» **THE TASK**: Make an exact copy of every entry, leaving the pictures out.

» **RECORDS SUPPLIED**:
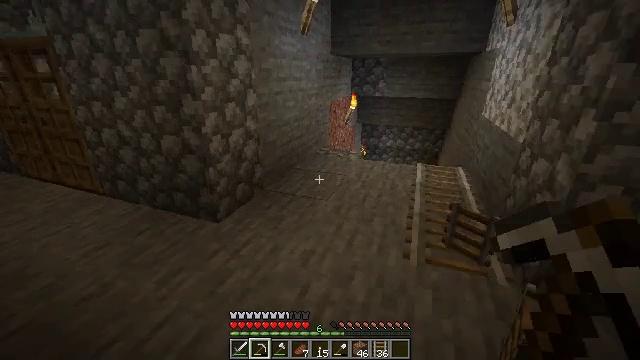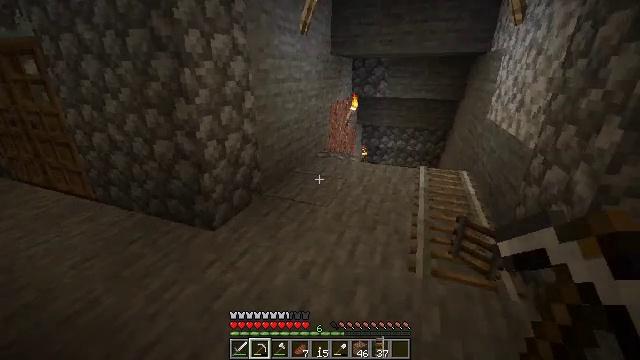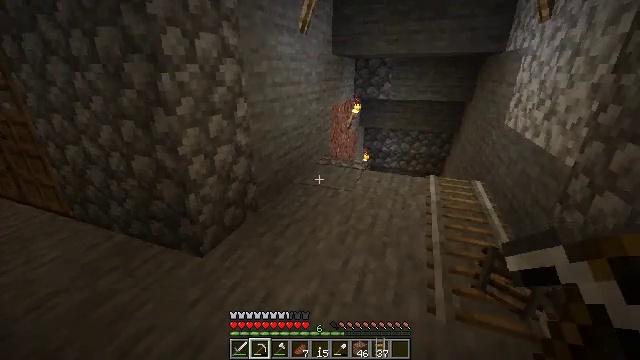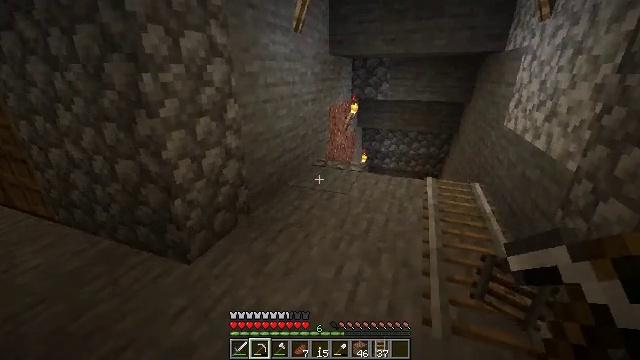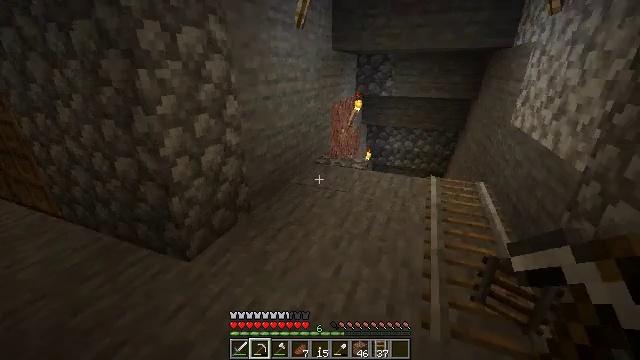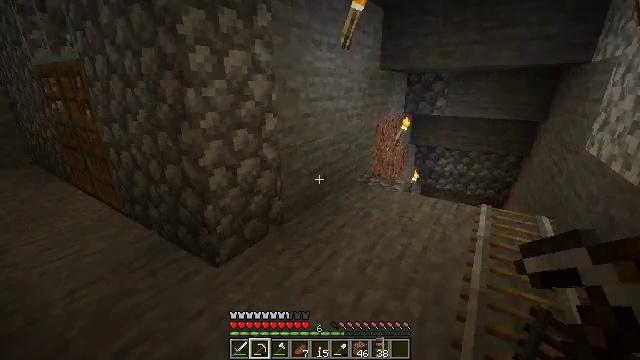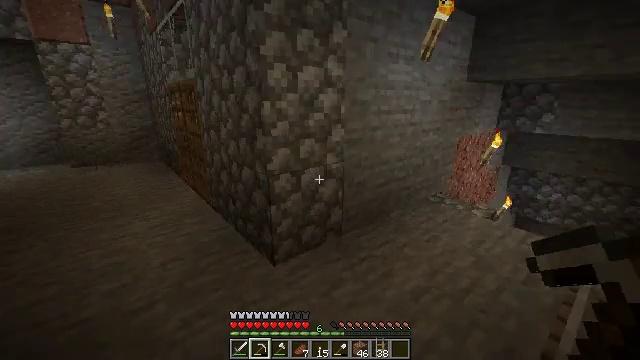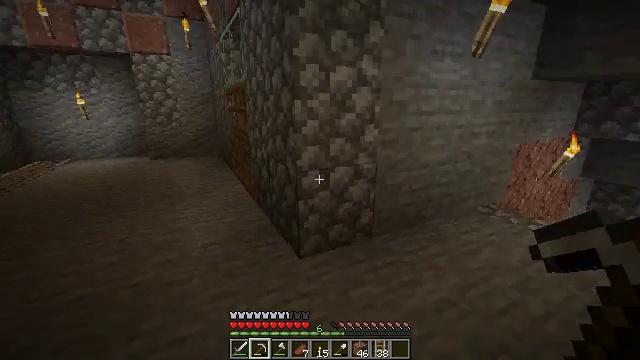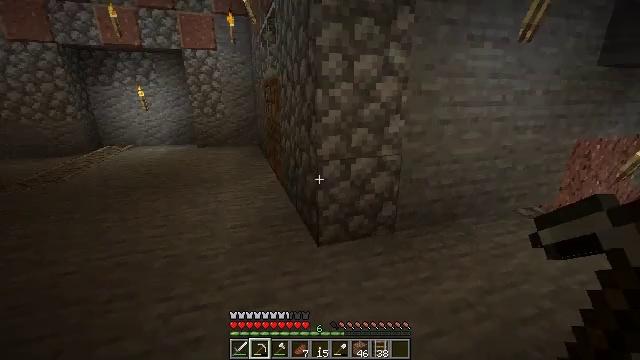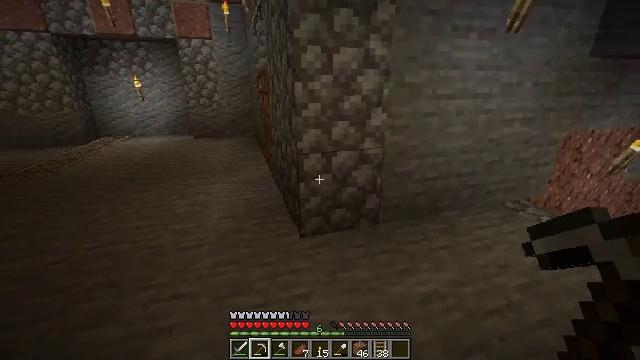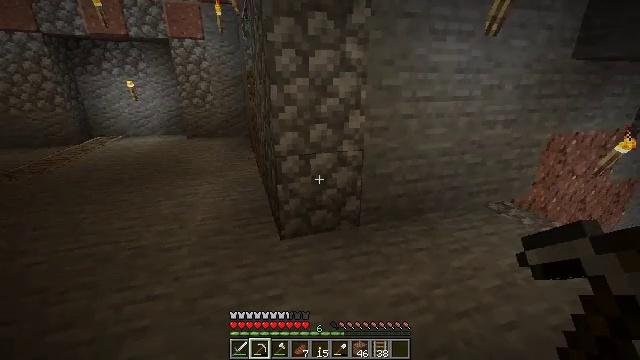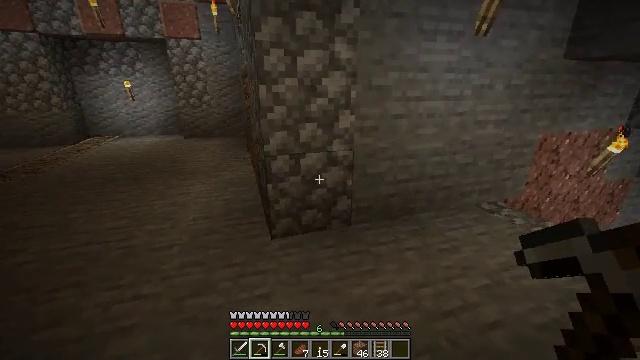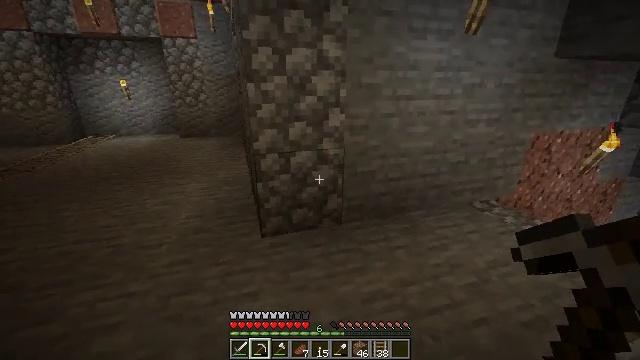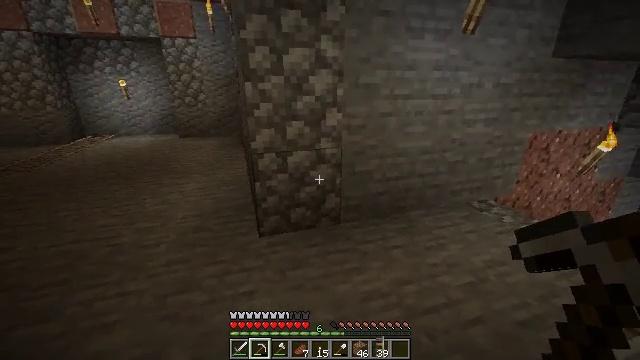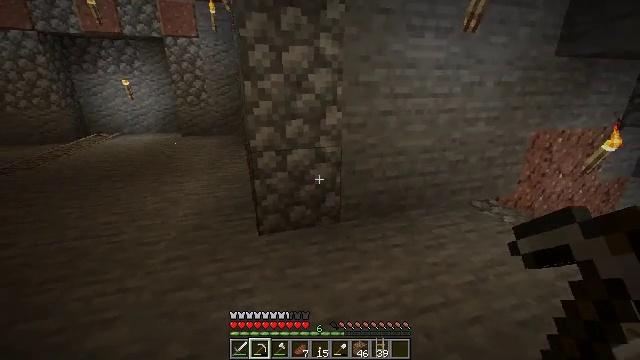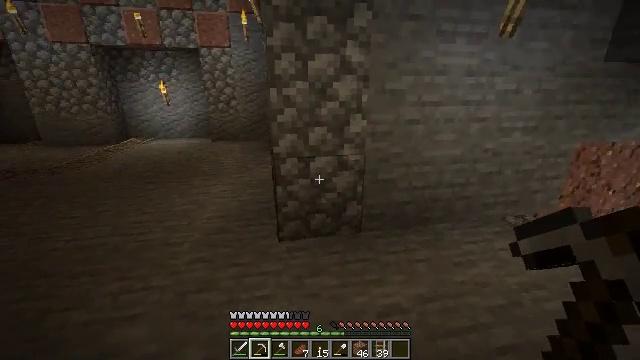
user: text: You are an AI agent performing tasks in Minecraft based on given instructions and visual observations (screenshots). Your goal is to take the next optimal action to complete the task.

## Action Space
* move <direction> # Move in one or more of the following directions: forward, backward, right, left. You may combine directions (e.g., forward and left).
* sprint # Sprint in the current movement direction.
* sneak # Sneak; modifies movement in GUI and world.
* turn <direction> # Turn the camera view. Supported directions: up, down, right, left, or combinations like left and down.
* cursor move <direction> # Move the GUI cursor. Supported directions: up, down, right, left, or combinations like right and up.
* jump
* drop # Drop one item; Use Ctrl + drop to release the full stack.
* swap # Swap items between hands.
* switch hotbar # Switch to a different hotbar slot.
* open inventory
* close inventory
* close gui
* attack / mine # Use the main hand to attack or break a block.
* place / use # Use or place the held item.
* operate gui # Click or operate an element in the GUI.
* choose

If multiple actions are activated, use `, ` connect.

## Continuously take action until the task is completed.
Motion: motion action
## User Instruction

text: Mine the rail.
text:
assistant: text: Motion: move forward
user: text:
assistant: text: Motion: move forward
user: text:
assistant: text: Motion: move right
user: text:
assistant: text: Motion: move right, turn left
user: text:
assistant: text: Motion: move right, turn left and up
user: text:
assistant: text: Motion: move right, turn left and up
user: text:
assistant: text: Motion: move right, turn left
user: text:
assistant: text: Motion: move right, turn left and down
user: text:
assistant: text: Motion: move right, turn down
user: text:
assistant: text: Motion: move right
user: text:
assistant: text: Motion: no_op
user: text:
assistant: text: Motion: no_op
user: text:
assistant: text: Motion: no_op
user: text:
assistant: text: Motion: no_op
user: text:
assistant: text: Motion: move forward, turn left and up
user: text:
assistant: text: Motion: move forward, turn left and up
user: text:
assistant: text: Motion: move forward, turn left and up
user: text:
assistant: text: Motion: move forward, turn left
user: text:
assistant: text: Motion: move forward
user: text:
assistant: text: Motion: move forward
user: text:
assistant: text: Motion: move forward and move left
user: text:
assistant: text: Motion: move forward and move left
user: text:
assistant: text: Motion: move forward and move left
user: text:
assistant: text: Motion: move forward and move left
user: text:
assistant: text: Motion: move forward and move left
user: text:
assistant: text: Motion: move forward and move left
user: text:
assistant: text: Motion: move forward and move left
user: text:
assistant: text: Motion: move forward and move left
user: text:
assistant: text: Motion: move forward and move left
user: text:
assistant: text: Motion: move forward and move left, turn right
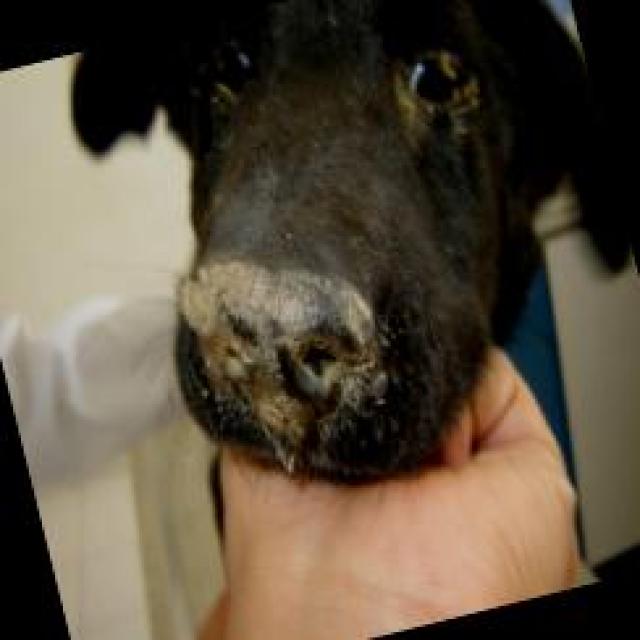
Canine fungal skin infection — characterized by alopecia, scaling, crusting, and circular lesions. Common agents include Malassezia and Candida species.
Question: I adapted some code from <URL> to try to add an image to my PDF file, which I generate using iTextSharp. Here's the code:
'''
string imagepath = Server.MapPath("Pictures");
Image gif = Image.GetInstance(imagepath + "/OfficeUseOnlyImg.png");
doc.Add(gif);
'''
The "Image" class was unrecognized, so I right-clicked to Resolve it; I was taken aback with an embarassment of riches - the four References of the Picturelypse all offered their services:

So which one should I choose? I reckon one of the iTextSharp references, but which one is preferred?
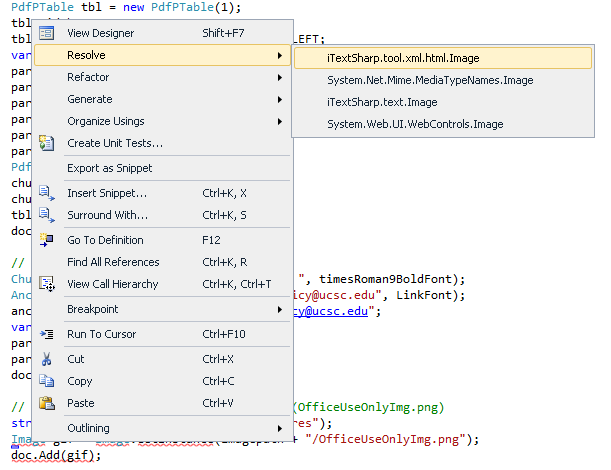
Answer: The 'iTextSharp.tool.*' stuff is part of XML Worker, not of iTextSharp core. You need 'iTextSharp.text.Image'.
The 'iTextSharp.tool.xml.html.Image' class is the class that maps an '' tag with an 'iTextSharp.text.Image' object. You shouldn't use it unless you want to tweak XML Worker.

» **SOLUTION**:
user: text: You are an AI agent performing tasks in Minecraft based on given instructions and visual observations (screenshots). Your goal is to take the next optimal action to complete the task.

## Action Space
* move <direction> # Move in one or more of the following directions: forward, backward, right, left. You may combine directions (e.g., forward and left).
* sprint # Sprint in the current movement direction.
* sneak # Sneak; modifies movement in GUI and world.
* turn <direction> # Turn the camera view. Supported directions: up, down, right, left, or combinations like left and down.
* cursor move <direction> # Move the GUI cursor. Supported directions: up, down, right, left, or combinations like right and up.
* jump
* drop # Drop one item; Use Ctrl + drop to release the full stack.
* swap # Swap items between hands.
* switch hotbar # Switch to a different hotbar slot.
* open inventory
* close inventory
* close gui
* attack / mine # Use the main hand to attack or break a block.
* place / use # Use or place the held item.
* operate gui # Click or operate an element in the GUI.
* choose

If multiple actions are activated, use `, ` connect.

## Continuously take action until the task is completed.
Motion: motion action
## User Instruction

text: Mine the rail.
text:
assistant: text: Motion: move forward
user: text:
assistant: text: Motion: move forward
user: text:
assistant: text: Motion: move right
user: text:
assistant: text: Motion: move right, turn left
user: text:
assistant: text: Motion: move right, turn left and up
user: text:
assistant: text: Motion: move right, turn left and up
user: text:
assistant: text: Motion: move right, turn left
user: text:
assistant: text: Motion: move right, turn left and down
user: text:
assistant: text: Motion: move right, turn down
user: text:
assistant: text: Motion: move right
user: text:
assistant: text: Motion: no_op
user: text:
assistant: text: Motion: no_op
user: text:
assistant: text: Motion: no_op
user: text:
assistant: text: Motion: no_op
user: text:
assistant: text: Motion: move forward, turn left and up
user: text:
assistant: text: Motion: move forward, turn left and up
user: text:
assistant: text: Motion: move forward, turn left and up
user: text:
assistant: text: Motion: move forward, turn left
user: text:
assistant: text: Motion: move forward
user: text:
assistant: text: Motion: move forward
user: text:
assistant: text: Motion: move forward and move left
user: text:
assistant: text: Motion: move forward and move left
user: text:
assistant: text: Motion: move forward and move left
user: text:
assistant: text: Motion: move forward and move left
user: text:
assistant: text: Motion: move forward and move left
user: text:
assistant: text: Motion: move forward and move left
user: text:
assistant: text: Motion: move forward and move left
user: text:
assistant: text: Motion: move forward and move left
user: text:
assistant: text: Motion: move forward and move left
user: text:
assistant: text: Motion: move forward and move left, turn right
Canine fungal skin infection — characterized by alopecia, scaling, crusting, and circular lesions. Common agents include Malassezia and Candida species.
Question: I adapted some code from <URL> to try to add an image to my PDF file, which I generate using iTextSharp. Here's the code:
'''
string imagepath = Server.MapPath("Pictures");
Image gif = Image.GetInstance(imagepath + "/OfficeUseOnlyImg.png");
doc.Add(gif);
'''
The "Image" class was unrecognized, so I right-clicked to Resolve it; I was taken aback with an embarassment of riches - the four References of the Picturelypse all offered their services:

So which one should I choose? I reckon one of the iTextSharp references, but which one is preferred?
Answer: The 'iTextSharp.tool.*' stuff is part of XML Worker, not of iTextSharp core. You need 'iTextSharp.text.Image'.
The 'iTextSharp.tool.xml.html.Image' class is the class that maps an '' tag with an 'iTextSharp.text.Image' object. You shouldn't use it unless you want to tweak XML Worker.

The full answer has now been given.